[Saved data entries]
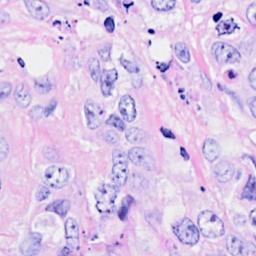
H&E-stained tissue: Breast
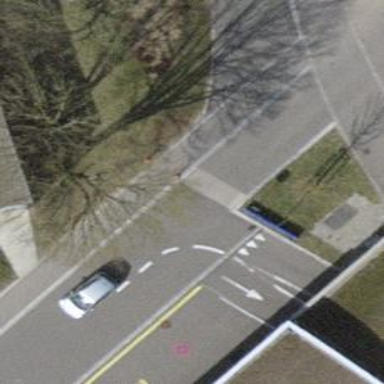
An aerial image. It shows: Residential road with asphalt surface. There is sidewalk on the left side.
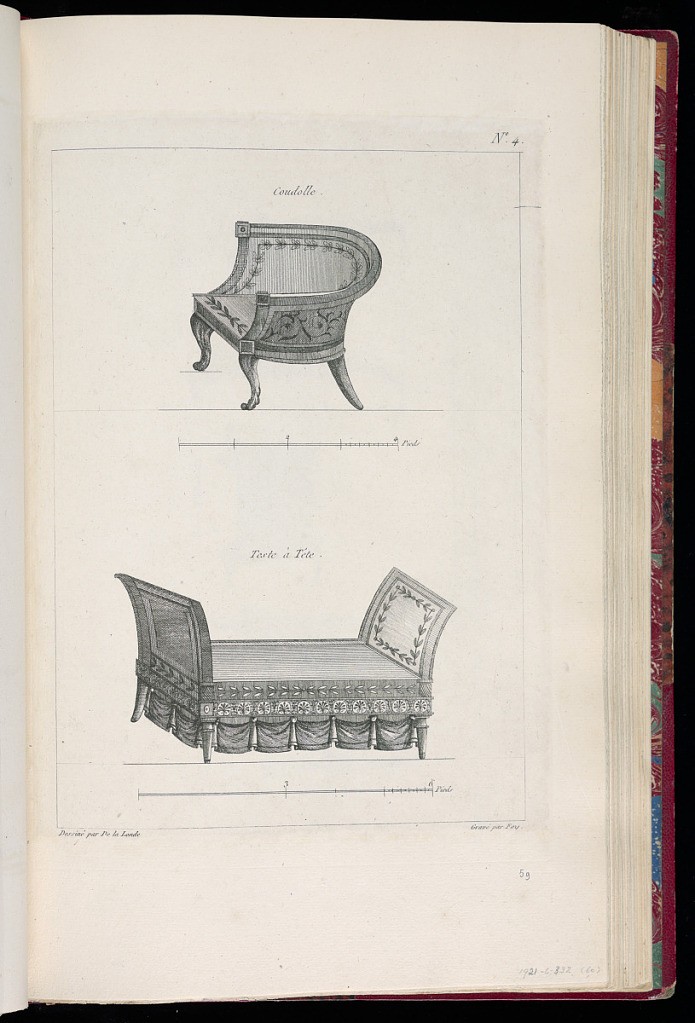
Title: Designs for Chairs
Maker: Richard de Lalonde, French, active 1780–96
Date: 1780-1789
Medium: Etching on off-white laid paper
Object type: Print
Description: Designs for two chairs. The top chair has a rounded back and floral ornament; the bottom chair is a wide, backless chair with high sides for two people, and is decorated with drapery, branch, and palmette motif. The plate is signed and numbered.
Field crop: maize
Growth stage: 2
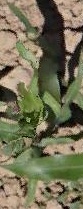
Species: maize
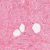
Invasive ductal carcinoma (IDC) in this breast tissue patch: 0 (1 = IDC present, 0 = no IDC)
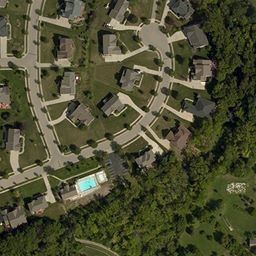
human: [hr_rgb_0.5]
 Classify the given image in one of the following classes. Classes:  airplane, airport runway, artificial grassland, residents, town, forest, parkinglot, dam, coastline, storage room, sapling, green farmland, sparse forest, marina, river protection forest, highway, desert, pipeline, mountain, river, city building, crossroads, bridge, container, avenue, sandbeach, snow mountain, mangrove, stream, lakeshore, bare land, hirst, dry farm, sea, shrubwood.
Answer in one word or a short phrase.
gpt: town
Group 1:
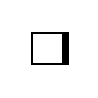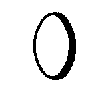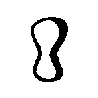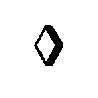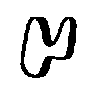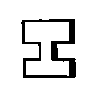
Group 2:
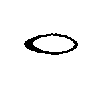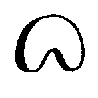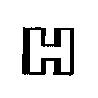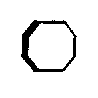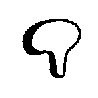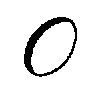
Rule separating the two groups: Shading thicker on the right side vs. shading thicker on the left side.
Concepts: curve_texture, left_right, texture
Author: Mikhail M. Bongard
Reference: M. M. Bongard, Pattern Recognition, Spartan Books, 1970, p. 234.
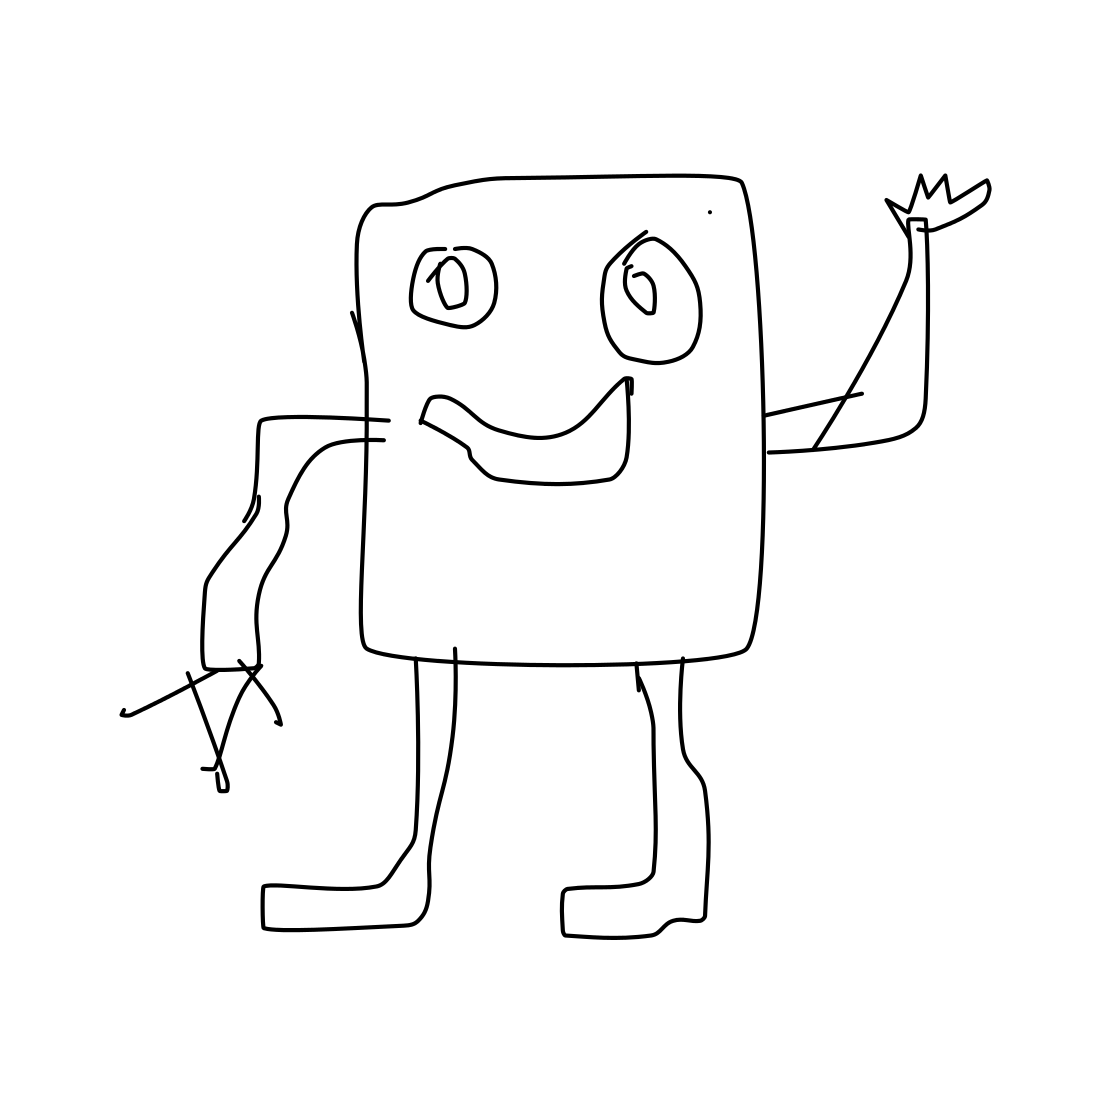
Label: sponge bob
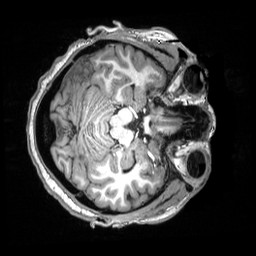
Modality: T1w
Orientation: axial
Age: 20
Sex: female
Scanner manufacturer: siemens
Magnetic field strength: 3 T
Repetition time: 2.53 s
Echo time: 0.0033 s
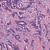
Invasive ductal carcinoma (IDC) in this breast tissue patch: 1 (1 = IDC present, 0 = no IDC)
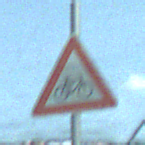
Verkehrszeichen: RadverkehrLinks
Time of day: MorningAfternoon
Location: Roofed (Special)
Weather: PartlyCloudy
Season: NotSpecified
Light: Natural
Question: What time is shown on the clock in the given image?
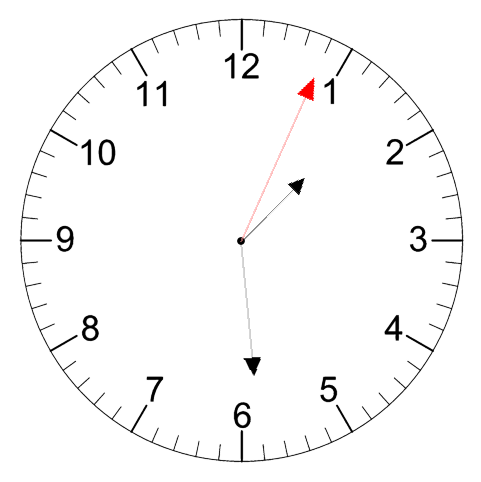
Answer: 01:29:04
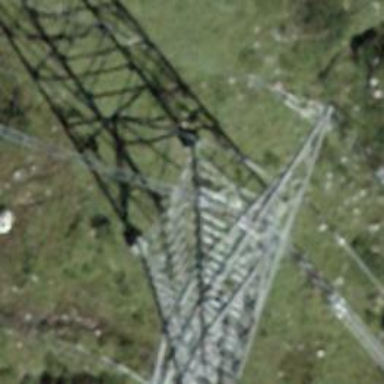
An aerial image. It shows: Power tower.
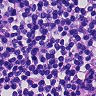
Metastatic tissue present: no

[The problem] Please set down, exactly and with nothing added, the lines from the line with "Modality: T1w" to the end of the entries above, omitting pictures.

[Solved problem]
Modality: T1w
Orientation: axial
Age: 20
Sex: female
Scanner manufacturer: siemens
Magnetic field strength: 3 T
Repetition time: 2.53 s
Echo time: 0.0033 s
Invasive ductal carcinoma (IDC) in this breast tissue patch: 1 (1 = IDC present, 0 = no IDC)
Verkehrszeichen: RadverkehrLinks
Time of day: MorningAfternoon
Location: Roofed (Special)
Weather: PartlyCloudy
Season: NotSpecified
Light: Natural
Question: What time is shown on the clock in the given image?
Answer: 01:29:04
An aerial image. It shows: Power tower.
Metastatic tissue present: no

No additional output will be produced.